改めて初対面の礼儀として、流派を名乗った後、「σ(*_*)はCDを聞いて自己流で尺八を吹きながら遍路をしていますが、貴方も尺八を吹かれてるそうですね」と言ったが、やっぱりσ(*_*)の「洋山流」は名も無きに等しいチッコイ流派なもんだから知らんようです。
民謡関係の流派と勘違いされたが、尺八の流名を見せびらかして遍路しとるわけでもなく、説明するのもメンドウなので、あえて訂正はしまへんでした。
相手の先生は、明暗流で某地方にて尺八を教えていると言います。
試合に例えるならば、ここら辺が、道場へ乗り込んで「たのもおぅ~」と言い、初対面の挨拶をした部分でしょうなぁ。
聞かせてもらえませんか?」
「えっ、いいですけど、貴方から吹いてください。」
ヘッヘッヘッ・・・何言ってまんがなぁ、弟子まで持っておられるエラ~イ先生が何を、おっしゃいますやら。
何事においても、エライ人が手本を見せるため先に吹くのが、常識でしょうがぁ。
ここら辺は、お互いに剣を構えた所でしょうなぁ。
「いえいえ、そおいう訳にはいきまへん。どうぞ、先に吹いてください。」
「そお言わずに・・」
この付近は相手の構えを見て、お互いに間合いを計ってる段階かな。
相手を先に吹かせて、その力量を見極めてから安心して吹こうと・・・考える事は、お互い同じでんなぁ・・(^O^)ダハハハハ・・・
「やはり、こおいうモンは専門家である先生の方が、先に手本を見せて頂かねぇと。
σ(*_*)のような自己流でやってる下々のモンは・・・・シノゴノ・・・・・」
「いんやぁぁ・・そお言わずに・・ウダウダ・・・・」
ジリジリ・・・と、間合いを計りながら詰め始めますが、どおしても、ここはエライ先生よりσ(*_*)が先に吹くわけにいきまへん。

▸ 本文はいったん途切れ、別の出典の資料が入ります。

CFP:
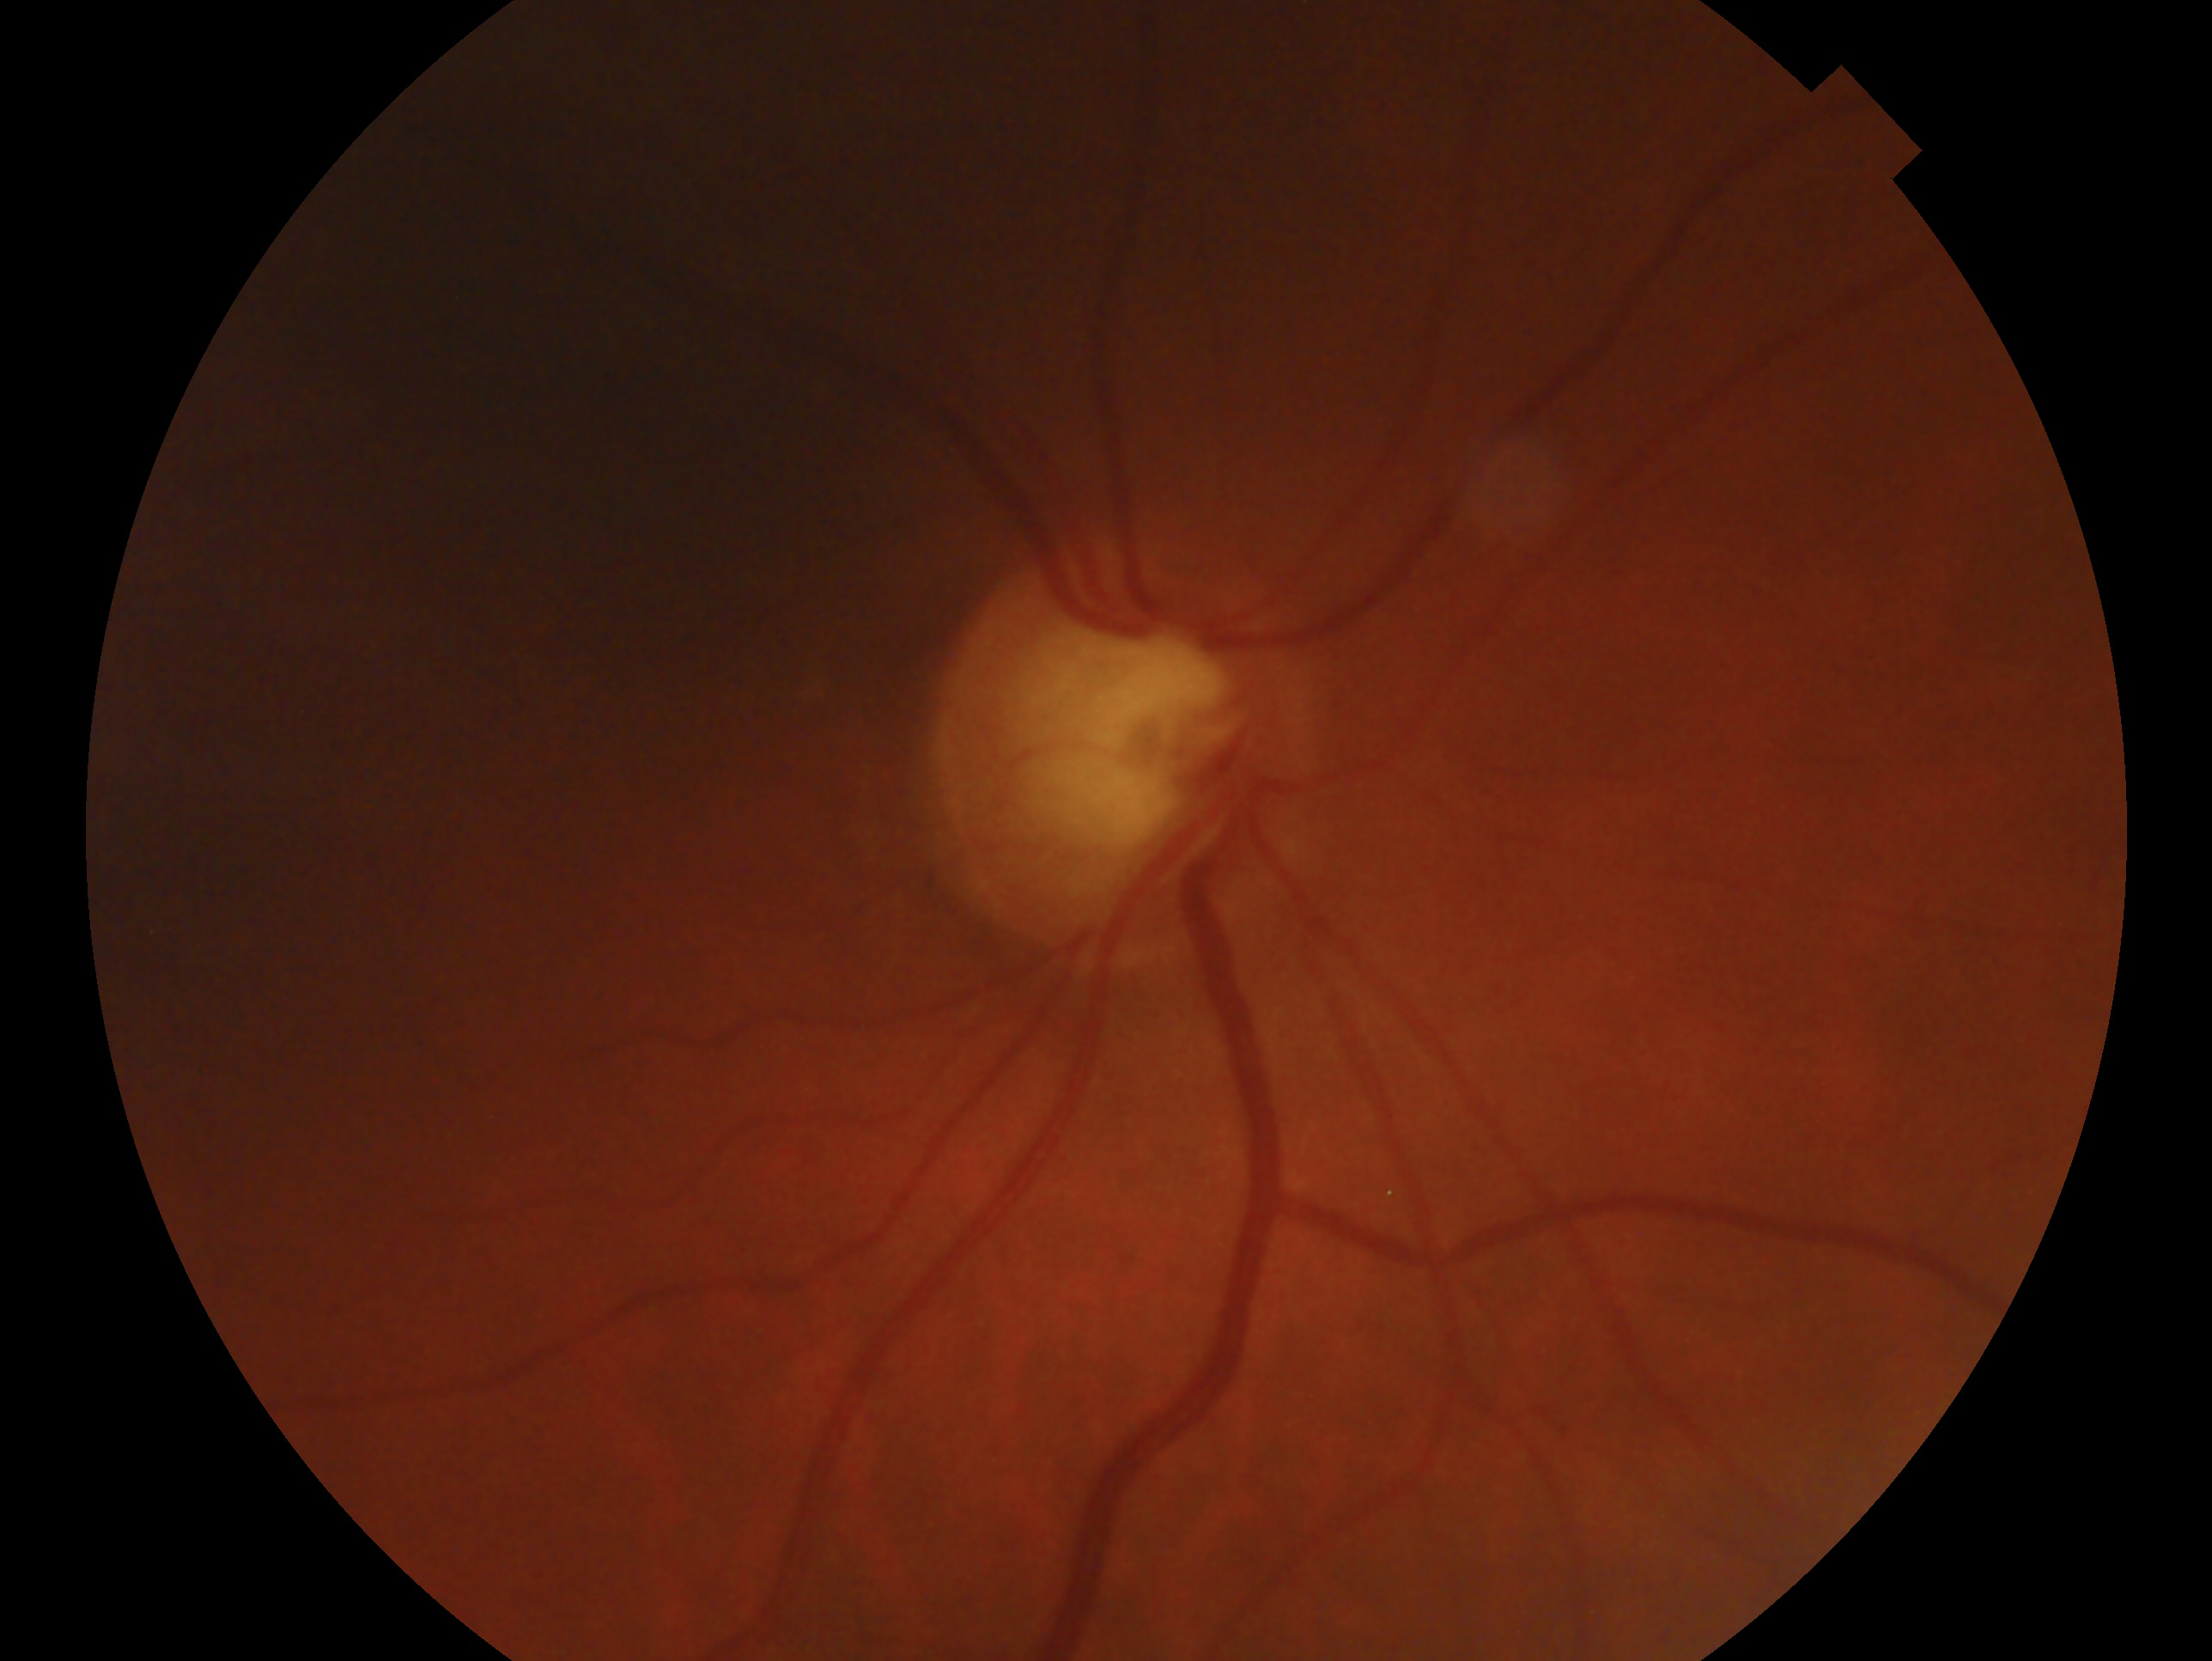
Assessment — glaucoma.
The image shows the right eye.

お互いに何度も譲り合う、涙ぐましい美しい光景が・・・・(^O^)
「どうぞ、お先に・・どうたら、こうたら・・」
「いえ、どうぞ、そちらからお先に・・・・・ああでもない、こうでもない・・・」
・・・延々と、いつ果てるともなく・・おい、日が暮れっちまうでぇ・・(^O^)ダハハハハハ・・・
このままではラチがあかんと思い、よっぽどσ(*_*)が折れて先に吹こうかと思いました。
しかし、やっぱし、どおしてもメンツを重んじる邦楽界の序列の事を考えると、σ(*_*)が先に吹くわけには、いかんわなぁ。

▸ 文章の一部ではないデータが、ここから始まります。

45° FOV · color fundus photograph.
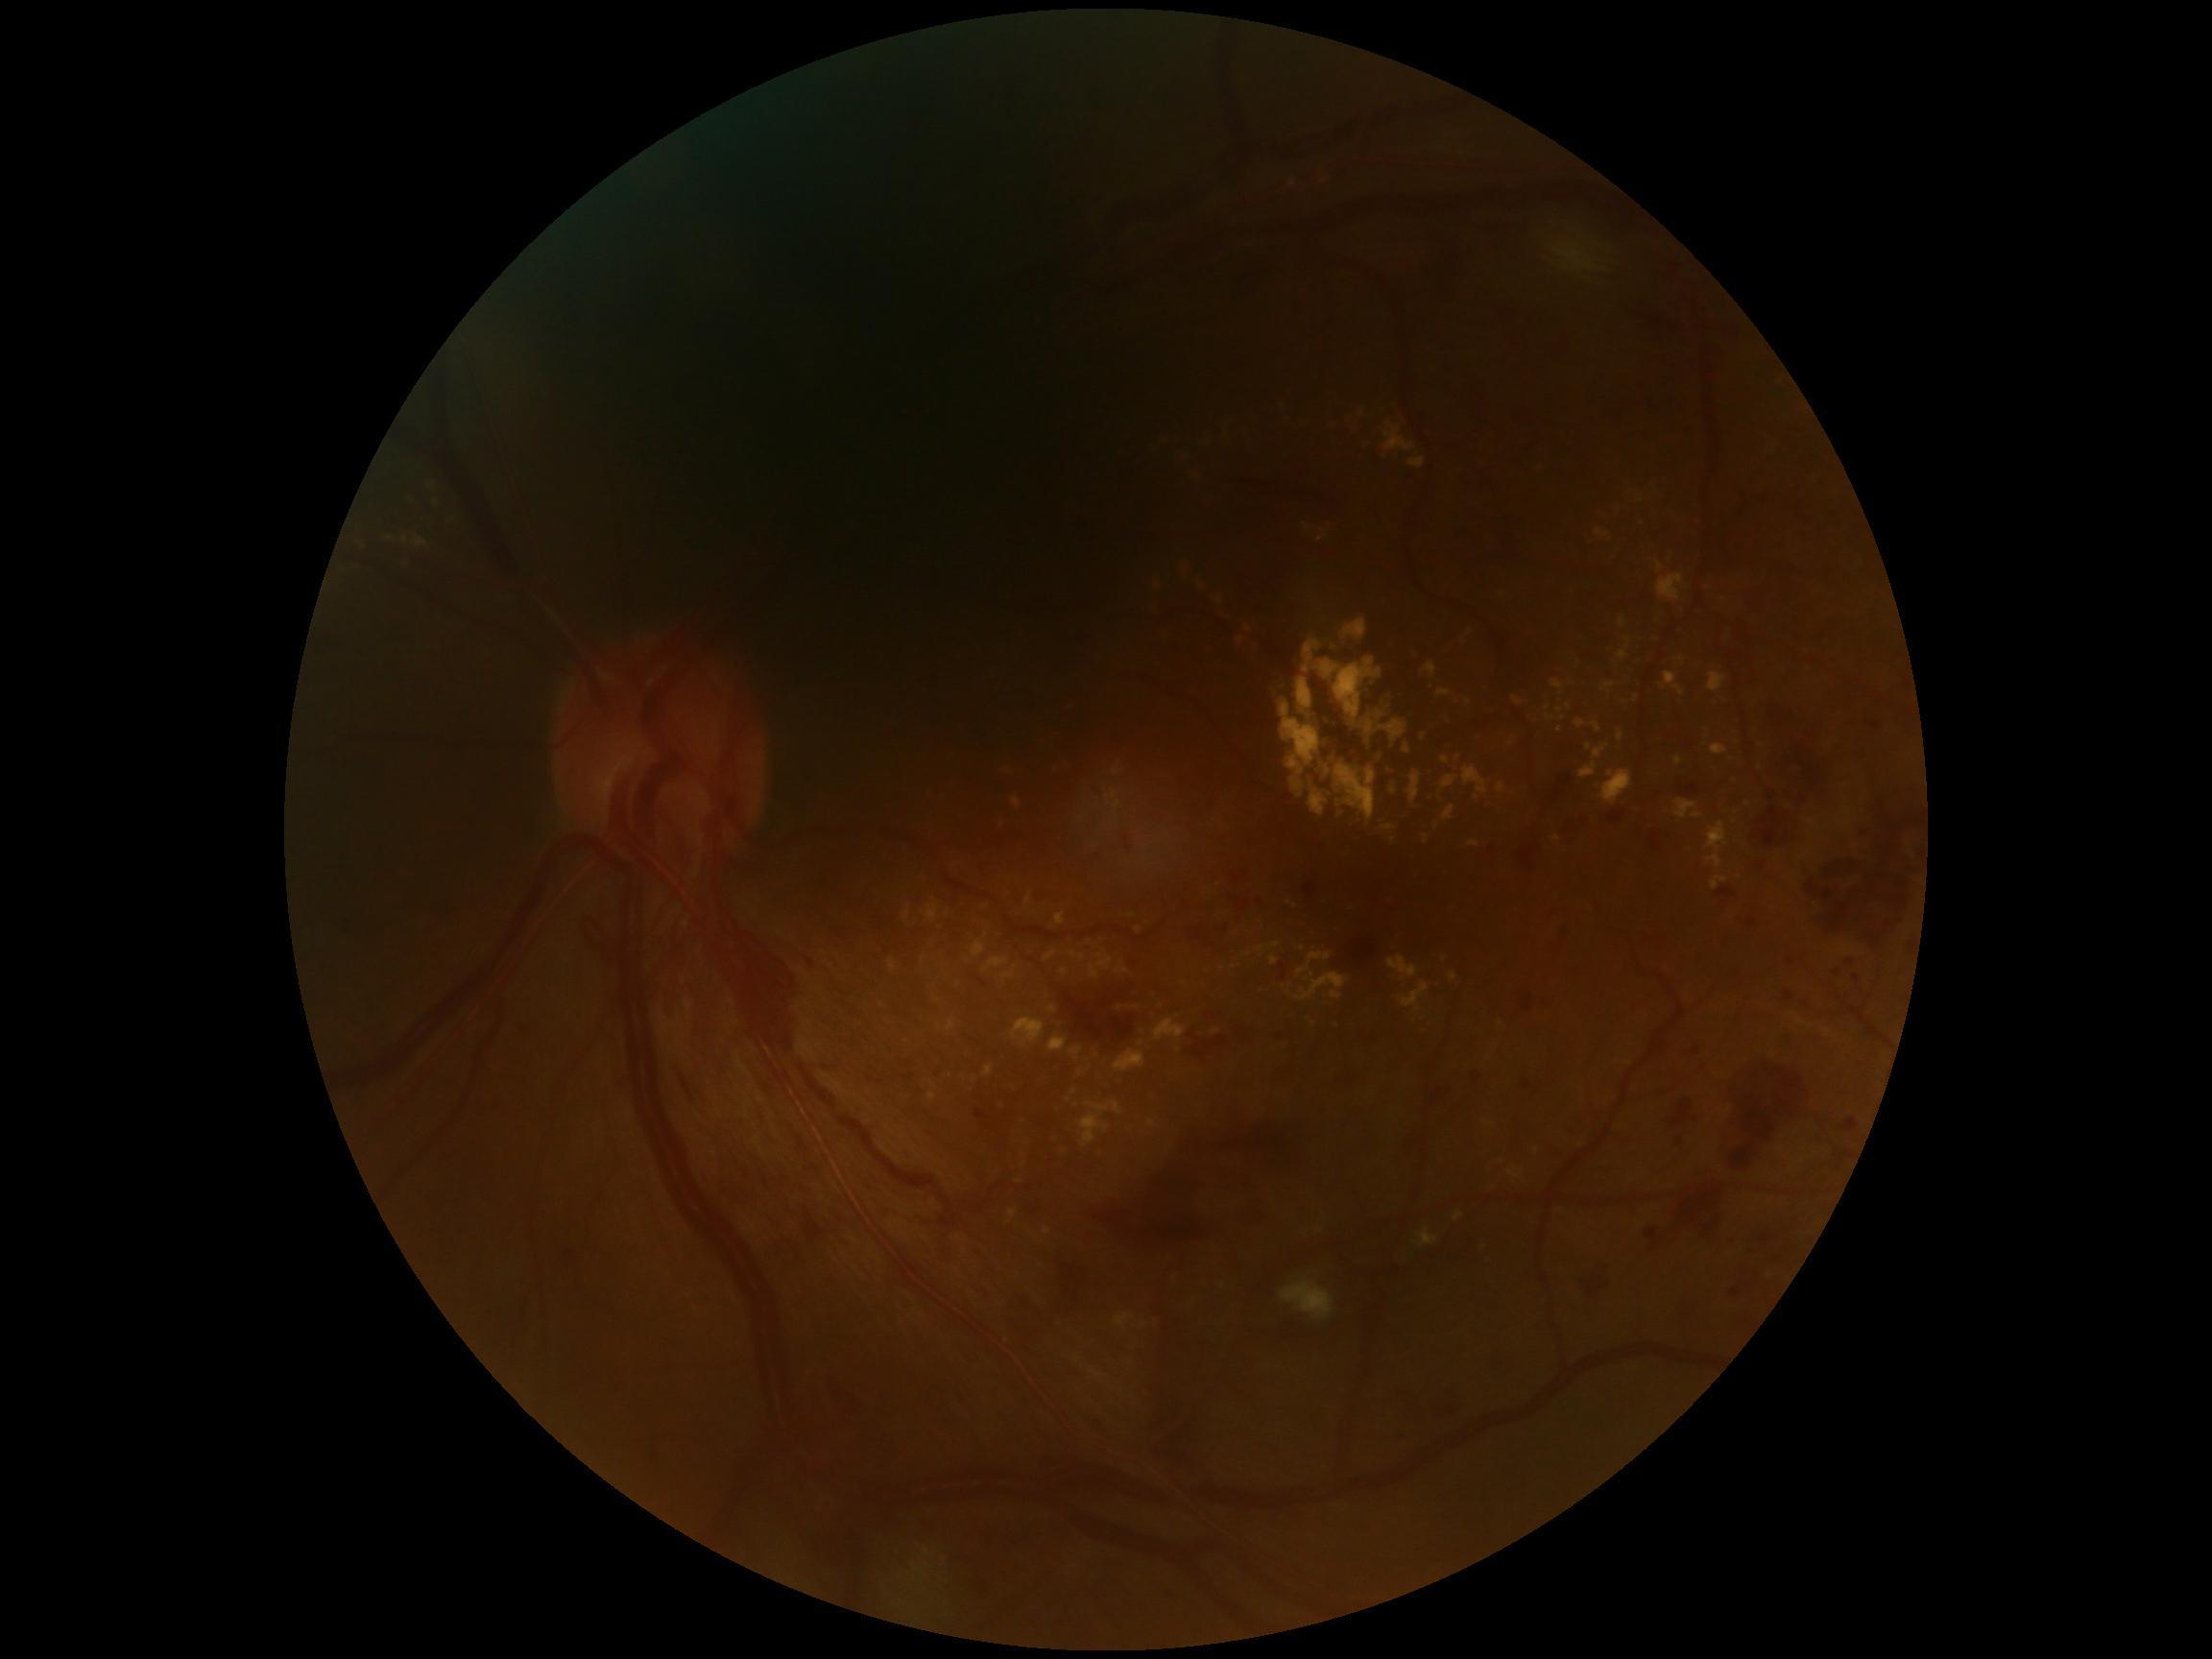
Diabetic retinopathy (DR) is grade 4 — neovascularization and/or vitreous/pre-retinal hemorrhage.

やがてエライ先生も、そう思い始めたのか折れて「それでは・・」と言い、近くの石灯籠に楽譜を置き「調子」を半分位まで吹きました。
「それでは、次に貴方・・」と言うので、いつも本堂で吹いてる「手向」を吹き、エライ先生が曲の途中で止めたので、σ(*_*)も曲を最後まで吹かず半分くらいの所で止めました。
それから少し尺八の話をして別れました。
σ(*_*)としては、この吹き比べは、相手がどのような曲想で吹くのか、自分が持ってない何かが有ったならば、それを今後の参考にしようと思ったのです。
たぶん相手の先生は、こいつはどれ位吹くんじゃろおう・・と思った事でしょう。
偶然に何の約束もなく出会い、お互いに相手の力量を見定める吹き比べ・・という感じで、まさに野試合という気がしました。